Effects of sample preservation methods and duration of storage on the performance of mid-infrared spectroscopy for predicting the age of malaria vectors

Affiliations

Effects of sample preservation methods and duration of storage on the performance of mid-infrared spectroscopy for predicting the age of malaria vectors

Jacqueline N Mgaya et al. Parasit Vectors. .

Abstract

Background: Monitoring the biological attributes of mosquitoes is critical for understanding pathogen transmission and estimating the impacts of vector control interventions on the survival of vector species. Infrared spectroscopy and machine learning techniques are increasingly being tested for this purpose and have been proven to accurately predict the age, species, blood-meal sources, and pathogen infections in Anopheles and Aedes mosquitoes. However, as these techniques are still in early-stage implementation, there are no standardized procedures for handling samples prior to the infrared scanning. This study investigated the effects of different preservation methods and storage duration on the performance of mid-infrared spectroscopy for age-grading females of the malaria vector, Anopheles arabiensis.

Methods: Laboratory-reared An. arabiensis (N = 3681) were collected at 5 and 17 days post-emergence, killed with ethanol, and then preserved using silica desiccant at 5 °C, freezing at - 20 °C, or absolute ethanol at room temperature. For each preservation method, the mosquitoes were divided into three groups, stored for 1, 4, or 8 weeks, and then scanned using a mid-infrared spectrometer. Supervised machine learning classifiers were trained with the infrared spectra, and the support vector machine (SVM) emerged as the best model for predicting the mosquito ages.

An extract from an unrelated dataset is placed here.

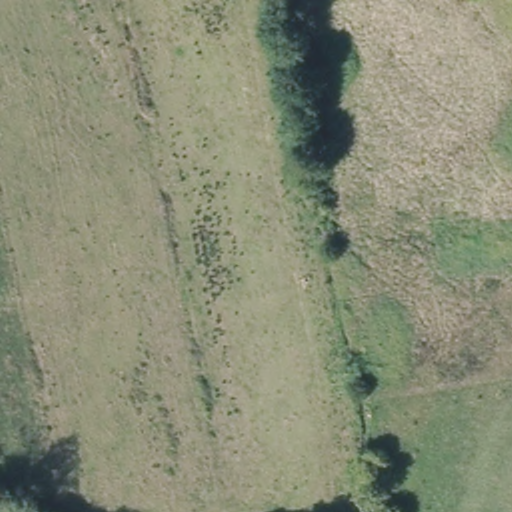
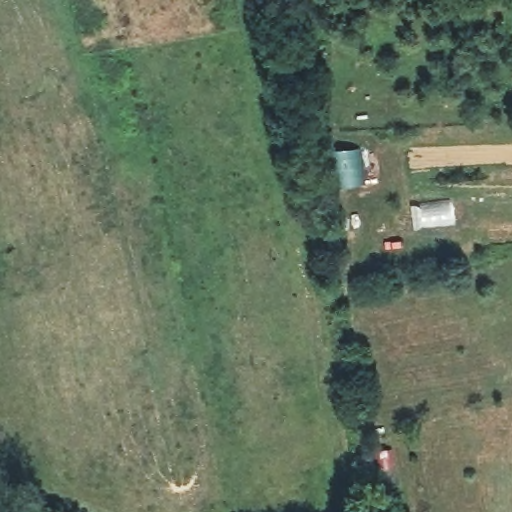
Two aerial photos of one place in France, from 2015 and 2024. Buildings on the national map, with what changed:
[]

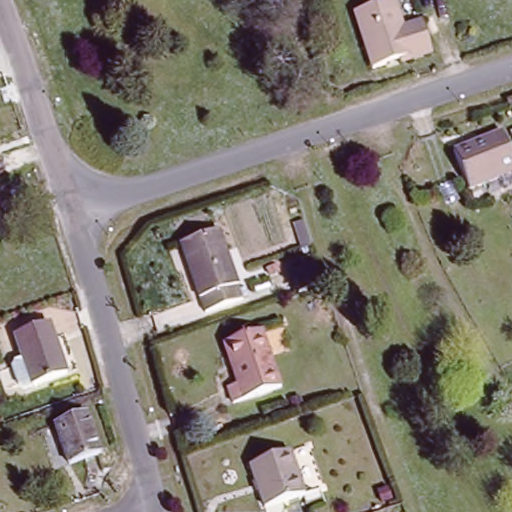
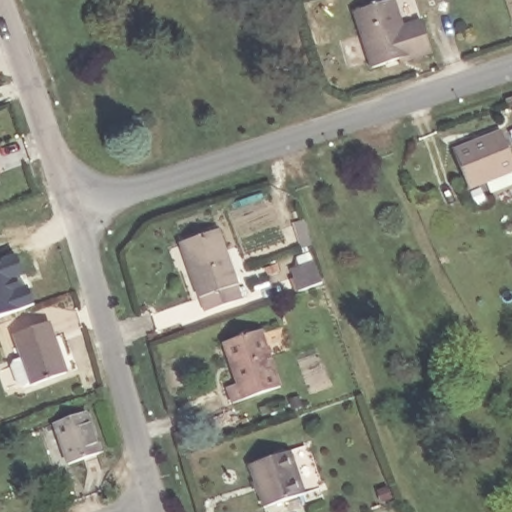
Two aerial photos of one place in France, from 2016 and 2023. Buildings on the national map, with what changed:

Results: The model trained using silica-preserved mosquitoes achieved 95% accuracy when predicting the ages of other silica-preserved mosquitoes, but declined to 72% and 66% when age-classifying mosquitoes preserved using ethanol and freezing, respectively. Prediction accuracies of models trained on samples preserved in ethanol and freezing also reduced when these models were applied to samples preserved by other methods. Similarly, models trained on 1-week stored samples had declining accuracies of 97%, 83%, and 72% when predicting the ages of mosquitoes stored for 1, 4, or 8 weeks respectively.

Conclusions: When using mid-infrared spectroscopy and supervised machine learning to age-grade mosquitoes, the highest accuracies are achieved when the training and test samples are preserved in the same way and stored for similar durations. However, when the test and training samples were handled differently, the classification accuracies declined significantly. Protocols for infrared-based entomological studies should therefore emphasize standardized sample-handling procedures and possibly additional statistical procedures such as transfer learning for greater accuracy.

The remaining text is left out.